Una forma práctica de hacerlo es separar la evaluación en seis variables:
| Variable | Qué debería medir la empresa |
|---|---|
| Transporte | Tarifa de cada tramo, combustible, maniobras y servicios asociados |
| Tiempo | Tránsito puerta a puerta, no únicamente tiempo en carretera o ferrocarril |
| Inventario | Capital inmovilizado mientras la mercancía está en tránsito |
| Confiabilidad | Variación del tiempo de entrega y frecuencia de retrasos |
| Riesgo | Exposición a robo, accidentes, cierres o interrupciones |
| Capacidad | Disponibilidad de unidades, operadores, equipo y espacios |
A esta ecuación puede agregarse una séptima variable: costo de contingencia. Es decir, cuánto le cuesta a la empresa tener que reaccionar cuando una ruta deja de estar disponible. Esta variable suele quedar fuera de las cotizaciones, pero puede ser determinante para operaciones críticas.
¿Qué cargas deberían entrar primero al análisis?
No toda mercancía debe migrar a intermodal. La distancia sigue siendo importante, pero no es el único criterio. En México, especialistas del sector han señalado que la viabilidad depende también de factores como los tiempos requeridos, la orografía y las características de la operación.
Por eso, una primera selección podría considerar cuatro condiciones:
- Rutas largas y recurrentes.
Cuanto mayor sea la distancia y más estable sea la frecuencia, más oportunidades existen para distribuir el costo de las terminales y maniobras. - Cargas con demanda predecible.
La programación es una ventaja para el intermodal. Una operación con volúmenes relativamente constantes puede aprovechar mejor servicios con itinerarios definidos. - Mercancías cuyo costo de inventario sea manejable.
Si cada hora adicional de tránsito representa una pérdida considerable, la ecuación puede favorecer al autotransporte. - Corredores con infraestructura intermodal disponible.
No basta con que exista una vía ferroviaria. Hay que evaluar terminales, accesos, conexiones, frecuencias y capacidad de primera y última milla.
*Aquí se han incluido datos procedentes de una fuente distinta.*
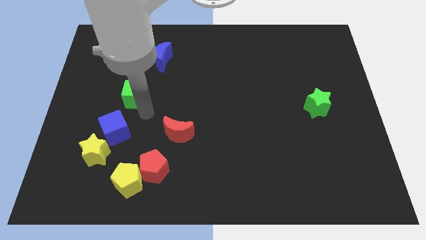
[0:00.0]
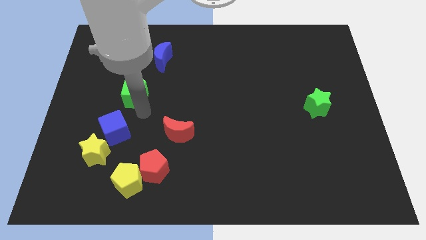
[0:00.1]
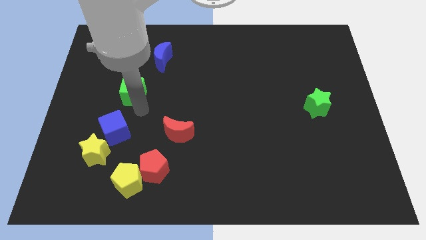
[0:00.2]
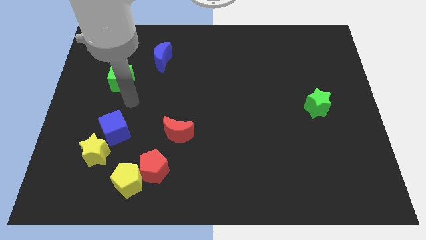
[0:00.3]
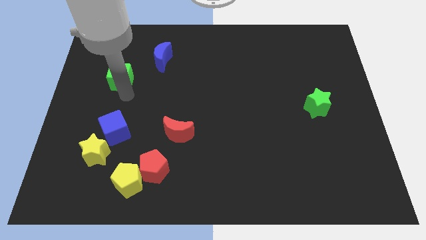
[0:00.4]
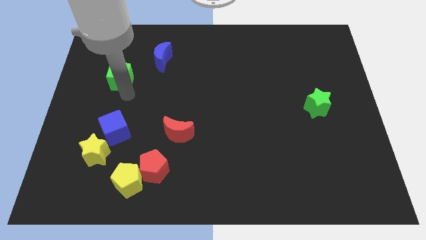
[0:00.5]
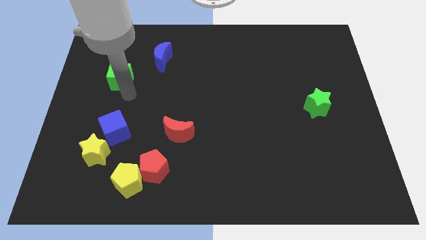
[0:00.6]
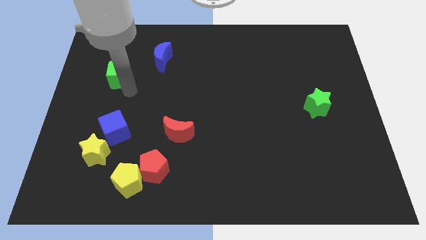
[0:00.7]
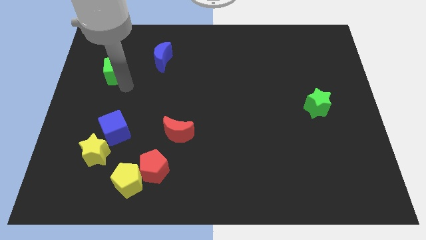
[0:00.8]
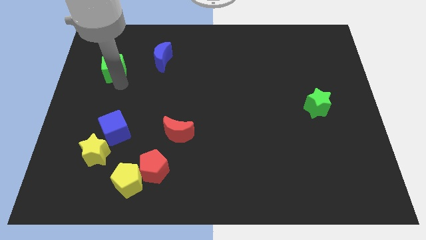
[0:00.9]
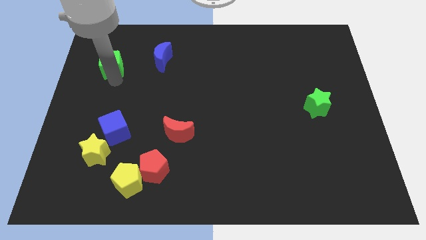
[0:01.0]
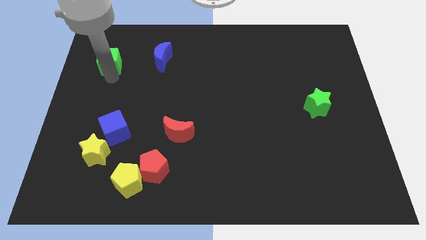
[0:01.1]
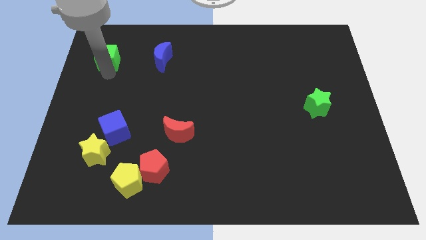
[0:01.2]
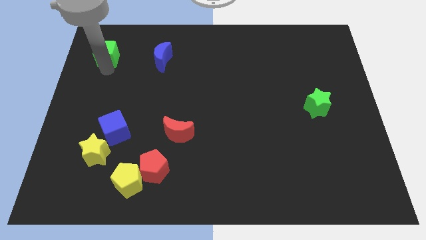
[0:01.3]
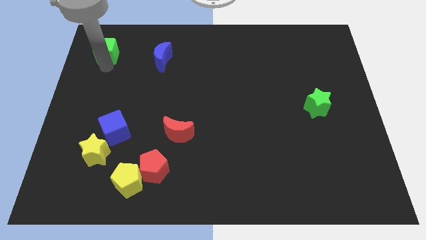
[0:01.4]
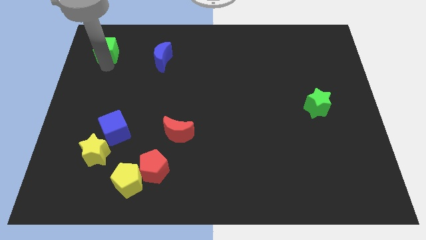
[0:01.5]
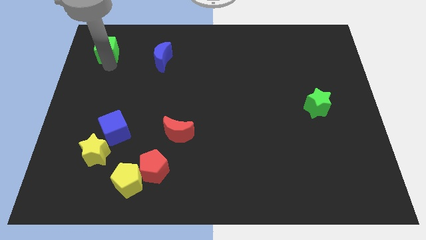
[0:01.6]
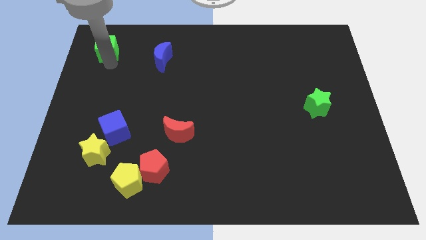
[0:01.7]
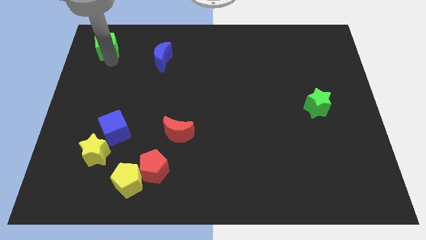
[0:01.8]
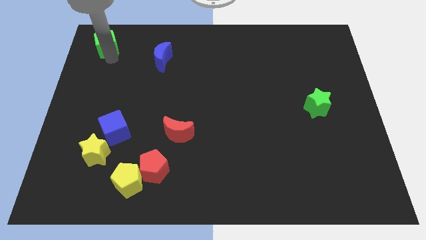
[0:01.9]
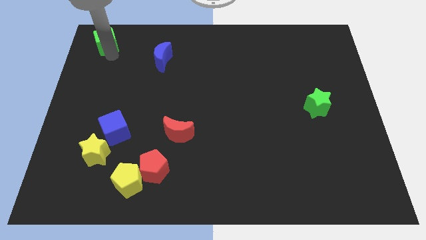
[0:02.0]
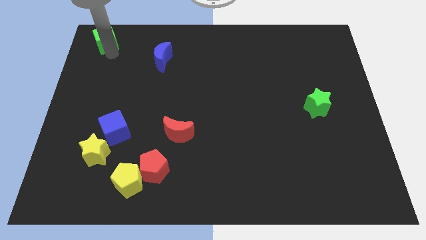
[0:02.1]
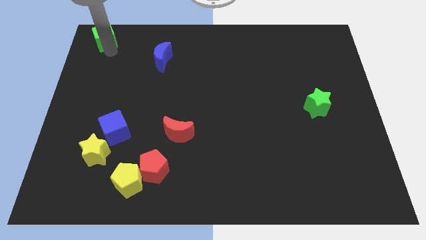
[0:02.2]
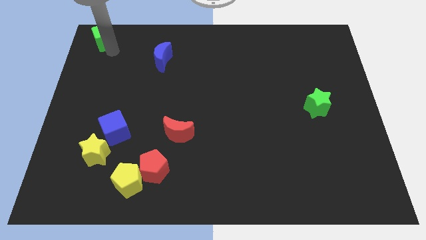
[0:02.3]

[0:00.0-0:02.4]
place the green cube at top left side of the board

Aquí aparece un punto crítico: la distancia por sí sola no determina la conveniencia del intermodal.
Una ruta de 800 kilómetros puede ser una mala candidata si requiere múltiples maniobras y conexiones deficientes, mientras otra de menor distancia puede funcionar si cuenta con una operación estable y terminales eficientes.
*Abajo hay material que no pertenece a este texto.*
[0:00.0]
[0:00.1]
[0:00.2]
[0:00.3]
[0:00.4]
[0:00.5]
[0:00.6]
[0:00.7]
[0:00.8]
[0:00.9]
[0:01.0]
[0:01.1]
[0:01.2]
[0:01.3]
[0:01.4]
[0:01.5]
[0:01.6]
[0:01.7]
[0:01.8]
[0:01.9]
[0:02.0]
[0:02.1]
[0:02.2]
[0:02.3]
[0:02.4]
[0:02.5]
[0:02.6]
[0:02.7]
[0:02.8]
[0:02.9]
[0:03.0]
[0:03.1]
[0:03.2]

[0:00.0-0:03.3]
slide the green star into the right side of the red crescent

La oportunidad no es quitar camiones, sino utilizarlos mejor
El crecimiento de 30% del intermodal durante el primer semestre de 2026 no significa que México esté entrando en una etapa de sustitución del camión por el ferrocarril. Más bien muestra que existe espacio para redistribuir qué parte de la cadena hace cada modo.
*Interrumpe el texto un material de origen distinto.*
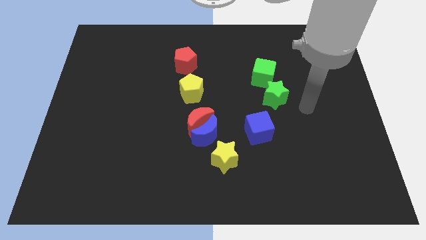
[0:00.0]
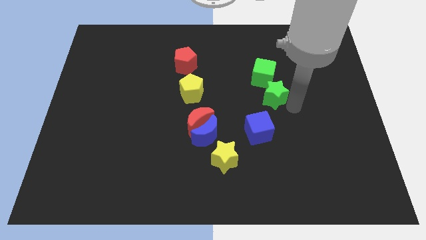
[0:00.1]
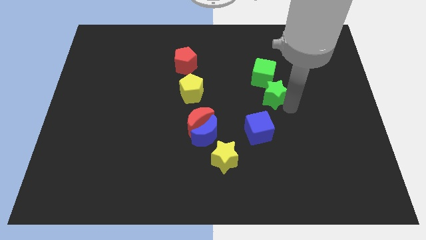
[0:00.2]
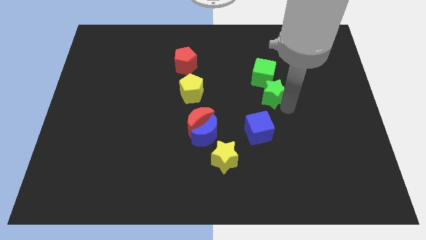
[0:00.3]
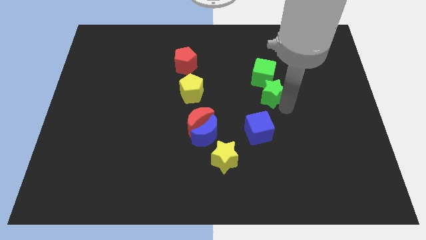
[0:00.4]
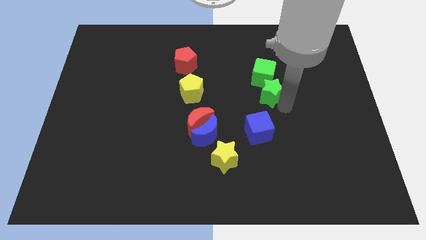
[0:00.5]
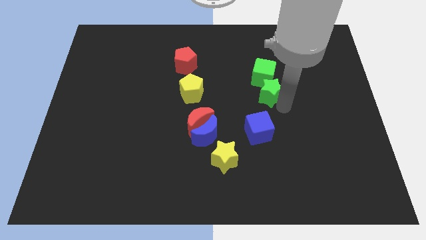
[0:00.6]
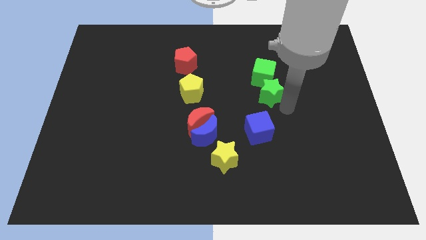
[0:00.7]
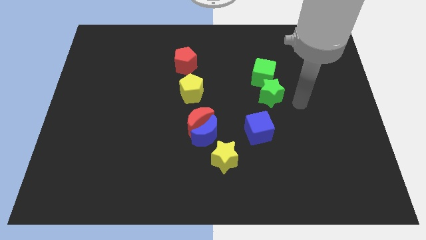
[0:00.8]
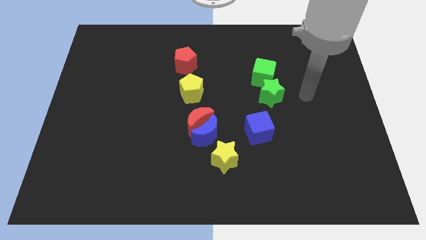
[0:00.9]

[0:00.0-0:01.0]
place the green star above the blue cube

Esto es particularmente relevante para México porque la presión sobre el autotransporte no proviene de una sola variable. Hay costos de combustible, disponibilidad de operadores, seguridad, infraestructura y capacidad. A esto se suma la necesidad de mantener corredores de comercio exterior cada vez más integrados con Estados Unidos y Canadá.
En ese escenario, mantener toda la red bajo un solo modo puede convertirse en una forma de concentración de riesgo. La estrategia no necesariamente consiste en convertir una ruta carretera en ferroviaria.
Puede consistir en diseñar una red en la que el camión deje de cargar con todo el recorrido.
Y ahí está la verdadera señal detrás del crecimiento intermodal: para evaluar una operación logística ya no basta con preguntar cuánto cuesta recorrer un kilómetro.
Hay que saber cuánto cuesta que una mercancía llegue, cuándo llega, con qué nivel de certidumbre y qué recursos tuvo que consumir la cadena para conseguirlo.
Para los directores de logística, esa diferencia puede convertir al intermodal de una alternativa de transporte en una herramienta de diseño de costos, capacidad y resiliencia de la red.